ASSIGNMENT: Your answer must be the full set of entries, reproduced exactly.

DATA SUPPLIED:
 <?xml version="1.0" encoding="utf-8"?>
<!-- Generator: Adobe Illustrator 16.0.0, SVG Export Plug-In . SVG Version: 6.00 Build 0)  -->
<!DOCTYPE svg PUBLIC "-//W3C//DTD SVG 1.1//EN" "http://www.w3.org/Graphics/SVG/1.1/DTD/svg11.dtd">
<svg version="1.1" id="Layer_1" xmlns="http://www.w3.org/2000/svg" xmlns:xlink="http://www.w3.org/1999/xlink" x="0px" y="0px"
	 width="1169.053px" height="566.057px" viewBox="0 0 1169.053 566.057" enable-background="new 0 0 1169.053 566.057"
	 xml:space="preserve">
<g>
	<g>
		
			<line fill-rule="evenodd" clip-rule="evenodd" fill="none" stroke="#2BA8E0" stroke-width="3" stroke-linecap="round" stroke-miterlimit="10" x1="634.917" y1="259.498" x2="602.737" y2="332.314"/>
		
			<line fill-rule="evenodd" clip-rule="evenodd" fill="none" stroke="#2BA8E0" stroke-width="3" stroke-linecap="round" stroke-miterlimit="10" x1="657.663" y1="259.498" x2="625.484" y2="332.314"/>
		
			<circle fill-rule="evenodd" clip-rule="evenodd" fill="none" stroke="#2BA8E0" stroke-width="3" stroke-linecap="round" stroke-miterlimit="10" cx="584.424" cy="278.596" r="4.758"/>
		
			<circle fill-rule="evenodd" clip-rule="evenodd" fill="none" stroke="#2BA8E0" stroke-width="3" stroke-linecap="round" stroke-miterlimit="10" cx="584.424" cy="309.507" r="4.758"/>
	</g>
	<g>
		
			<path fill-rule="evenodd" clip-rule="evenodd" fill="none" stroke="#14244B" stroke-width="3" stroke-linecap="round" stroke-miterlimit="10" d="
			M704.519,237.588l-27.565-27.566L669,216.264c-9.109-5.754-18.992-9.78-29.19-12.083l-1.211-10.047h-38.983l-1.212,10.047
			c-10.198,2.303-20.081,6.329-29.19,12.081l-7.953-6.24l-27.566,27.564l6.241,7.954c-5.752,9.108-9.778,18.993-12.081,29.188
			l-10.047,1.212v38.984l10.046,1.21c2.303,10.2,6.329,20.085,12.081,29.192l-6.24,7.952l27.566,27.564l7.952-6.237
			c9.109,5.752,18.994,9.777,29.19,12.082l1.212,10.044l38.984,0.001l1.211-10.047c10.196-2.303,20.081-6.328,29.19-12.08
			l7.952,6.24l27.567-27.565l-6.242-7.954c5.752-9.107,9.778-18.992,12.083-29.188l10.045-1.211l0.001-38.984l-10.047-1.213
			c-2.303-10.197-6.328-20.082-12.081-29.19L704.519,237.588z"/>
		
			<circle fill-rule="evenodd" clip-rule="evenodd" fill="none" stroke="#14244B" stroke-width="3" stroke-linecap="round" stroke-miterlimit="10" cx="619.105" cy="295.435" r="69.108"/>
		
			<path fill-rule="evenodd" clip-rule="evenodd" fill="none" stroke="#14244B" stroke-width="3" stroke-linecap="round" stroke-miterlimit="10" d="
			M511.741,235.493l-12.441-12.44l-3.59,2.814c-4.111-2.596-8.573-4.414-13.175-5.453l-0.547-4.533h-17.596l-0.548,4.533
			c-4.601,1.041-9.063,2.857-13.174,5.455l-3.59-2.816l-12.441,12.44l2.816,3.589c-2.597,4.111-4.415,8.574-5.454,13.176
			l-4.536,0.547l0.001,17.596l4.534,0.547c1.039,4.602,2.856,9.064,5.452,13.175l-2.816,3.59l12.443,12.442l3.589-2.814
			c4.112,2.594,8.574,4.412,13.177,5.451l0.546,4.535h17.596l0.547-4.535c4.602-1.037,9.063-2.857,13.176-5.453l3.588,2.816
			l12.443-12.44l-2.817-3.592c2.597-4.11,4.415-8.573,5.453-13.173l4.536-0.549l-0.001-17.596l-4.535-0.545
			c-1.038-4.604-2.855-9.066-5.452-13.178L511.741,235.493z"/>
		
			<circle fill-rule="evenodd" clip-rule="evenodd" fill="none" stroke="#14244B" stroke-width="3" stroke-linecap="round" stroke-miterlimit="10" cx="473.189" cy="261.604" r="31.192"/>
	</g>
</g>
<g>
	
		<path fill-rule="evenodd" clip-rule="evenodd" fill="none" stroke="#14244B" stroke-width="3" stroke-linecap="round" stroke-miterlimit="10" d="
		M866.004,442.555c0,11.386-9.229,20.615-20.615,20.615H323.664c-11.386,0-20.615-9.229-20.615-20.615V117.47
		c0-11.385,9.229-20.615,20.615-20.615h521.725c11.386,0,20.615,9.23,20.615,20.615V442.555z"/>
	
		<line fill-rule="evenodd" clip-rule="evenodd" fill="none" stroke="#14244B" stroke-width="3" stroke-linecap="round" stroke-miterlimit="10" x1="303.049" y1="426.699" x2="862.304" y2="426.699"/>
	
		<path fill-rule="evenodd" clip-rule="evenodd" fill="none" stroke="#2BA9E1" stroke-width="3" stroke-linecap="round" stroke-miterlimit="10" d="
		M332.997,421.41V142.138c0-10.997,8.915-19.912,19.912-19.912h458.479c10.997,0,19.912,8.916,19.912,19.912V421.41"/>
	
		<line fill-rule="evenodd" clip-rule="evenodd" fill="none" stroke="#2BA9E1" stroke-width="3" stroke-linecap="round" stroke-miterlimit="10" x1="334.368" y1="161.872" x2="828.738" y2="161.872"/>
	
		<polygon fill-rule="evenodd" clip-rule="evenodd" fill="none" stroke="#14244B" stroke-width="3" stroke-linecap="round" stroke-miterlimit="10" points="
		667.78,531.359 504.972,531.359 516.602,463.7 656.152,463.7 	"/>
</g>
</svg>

OUTPUT FOR THIS TASK:
 <?xml version="1.0" encoding="utf-8"?>
<!-- Generator: Adobe Illustrator 16.0.0, SVG Export Plug-In . SVG Version: 6.00 Build 0)  -->
<!DOCTYPE svg PUBLIC "-//W3C//DTD SVG 1.1//EN" "http://www.w3.org/Graphics/SVG/1.1/DTD/svg11.dtd">
<svg version="1.1" id="Layer_1" xmlns="http://www.w3.org/2000/svg" xmlns:xlink="http://www.w3.org/1999/xlink" x="0px" y="0px"
	 width="1169.053px" height="566.057px" viewBox="0 0 1169.053 566.057" enable-background="new 0 0 1169.053 566.057"
	 xml:space="preserve">
<g>
	<g>
		
			<line fill-rule="evenodd" clip-rule="evenodd" fill="none" stroke="#2BA8E0" stroke-width="3" stroke-linecap="round" stroke-miterlimit="10" x1="634.917" y1="259.498" x2="602.737" y2="332.314"/>
		
			<line fill-rule="evenodd" clip-rule="evenodd" fill="none" stroke="#2BA8E0" stroke-width="3" stroke-linecap="round" stroke-miterlimit="10" x1="657.663" y1="259.498" x2="625.484" y2="332.314"/>
		
			<circle fill-rule="evenodd" clip-rule="evenodd" fill="none" stroke="#2BA8E0" stroke-width="3" stroke-linecap="round" stroke-miterlimit="10" cx="584.424" cy="278.596" r="4.758"/>
		
			<circle fill-rule="evenodd" clip-rule="evenodd" fill="none" stroke="#2BA8E0" stroke-width="3" stroke-linecap="round" stroke-miterlimit="10" cx="584.424" cy="309.507" r="4.758"/>
	</g>
	<g>
		
			<path fill-rule="evenodd" clip-rule="evenodd" fill="none" stroke="#14244B" stroke-width="3" stroke-linecap="round" stroke-miterlimit="10" d="
			M704.519,237.588l-27.565-27.566L669,216.264c-9.109-5.754-18.992-9.78-29.19-12.083l-1.211-10.047h-38.983l-1.212,10.047
			c-10.198,2.303-20.081,6.329-29.19,12.081l-7.953-6.24l-27.566,27.564l6.241,7.954c-5.752,9.108-9.778,18.993-12.081,29.188
			l-10.047,1.212v38.984l10.046,1.21c2.303,10.2,6.329,20.085,12.081,29.192l-6.24,7.952l27.566,27.564l7.952-6.237
			c9.109,5.752,18.994,9.777,29.19,12.082l1.212,10.044l38.984,0.001l1.211-10.047c10.196-2.303,20.081-6.328,29.19-12.08
			l7.952,6.24l27.567-27.565l-6.242-7.954c5.752-9.107,9.778-18.992,12.083-29.188l10.045-1.211l0.001-38.984l-10.047-1.213
			c-2.303-10.197-6.328-20.082-12.081-29.19L704.519,237.588z"/>
		
			<circle fill-rule="evenodd" clip-rule="evenodd" fill="none" stroke="#14244B" stroke-width="3" stroke-linecap="round" stroke-miterlimit="10" cx="619.105" cy="295.435" r="69.108"/>
		
			<path fill-rule="evenodd" clip-rule="evenodd" fill="none" stroke="#14244B" stroke-width="3" stroke-linecap="round" stroke-miterlimit="10" d="
			M511.741,235.493l-12.441-12.44l-3.59,2.814c-4.111-2.596-8.573-4.414-13.175-5.453l-0.547-4.533h-17.596l-0.548,4.533
			c-4.601,1.041-9.063,2.857-13.174,5.455l-3.59-2.816l-12.441,12.44l2.816,3.589c-2.597,4.111-4.415,8.574-5.454,13.176
			l-4.536,0.547l0.001,17.596l4.534,0.547c1.039,4.602,2.856,9.064,5.452,13.175l-2.816,3.59l12.443,12.442l3.589-2.814
			c4.112,2.594,8.574,4.412,13.177,5.451l0.546,4.535h17.596l0.547-4.535c4.602-1.037,9.063-2.857,13.176-5.453l3.588,2.816
			l12.443-12.44l-2.817-3.592c2.597-4.11,4.415-8.573,5.453-13.173l4.536-0.549l-0.001-17.596l-4.535-0.545
			c-1.038-4.604-2.855-9.066-5.452-13.178L511.741,235.493z"/>
		
			<circle fill-rule="evenodd" clip-rule="evenodd" fill="none" stroke="#14244B" stroke-width="3" stroke-linecap="round" stroke-miterlimit="10" cx="473.189" cy="261.604" r="31.192"/>
	</g>
</g>
<g>
	
		<path fill-rule="evenodd" clip-rule="evenodd" fill="none" stroke="#14244B" stroke-width="3" stroke-linecap="round" stroke-miterlimit="10" d="
		M866.004,442.555c0,11.386-9.229,20.615-20.615,20.615H323.664c-11.386,0-20.615-9.229-20.615-20.615V117.47
		c0-11.385,9.229-20.615,20.615-20.615h521.725c11.386,0,20.615,9.23,20.615,20.615V442.555z"/>
	
		<line fill-rule="evenodd" clip-rule="evenodd" fill="none" stroke="#14244B" stroke-width="3" stroke-linecap="round" stroke-miterlimit="10" x1="303.049" y1="426.699" x2="862.304" y2="426.699"/>
	
		<path fill-rule="evenodd" clip-rule="evenodd" fill="none" stroke="#2BA9E1" stroke-width="3" stroke-linecap="round" stroke-miterlimit="10" d="
		M332.997,421.41V142.138c0-10.997,8.915-19.912,19.912-19.912h458.479c10.997,0,19.912,8.916,19.912,19.912V421.41"/>
	
		<line fill-rule="evenodd" clip-rule="evenodd" fill="none" stroke="#2BA9E1" stroke-width="3" stroke-linecap="round" stroke-miterlimit="10" x1="334.368" y1="161.872" x2="828.738" y2="161.872"/>
	
		<polygon fill-rule="evenodd" clip-rule="evenodd" fill="none" stroke="#14244B" stroke-width="3" stroke-linecap="round" stroke-miterlimit="10" points="
		667.78,531.359 504.972,531.359 516.602,463.7 656.152,463.7 	"/>
</g>
</svg>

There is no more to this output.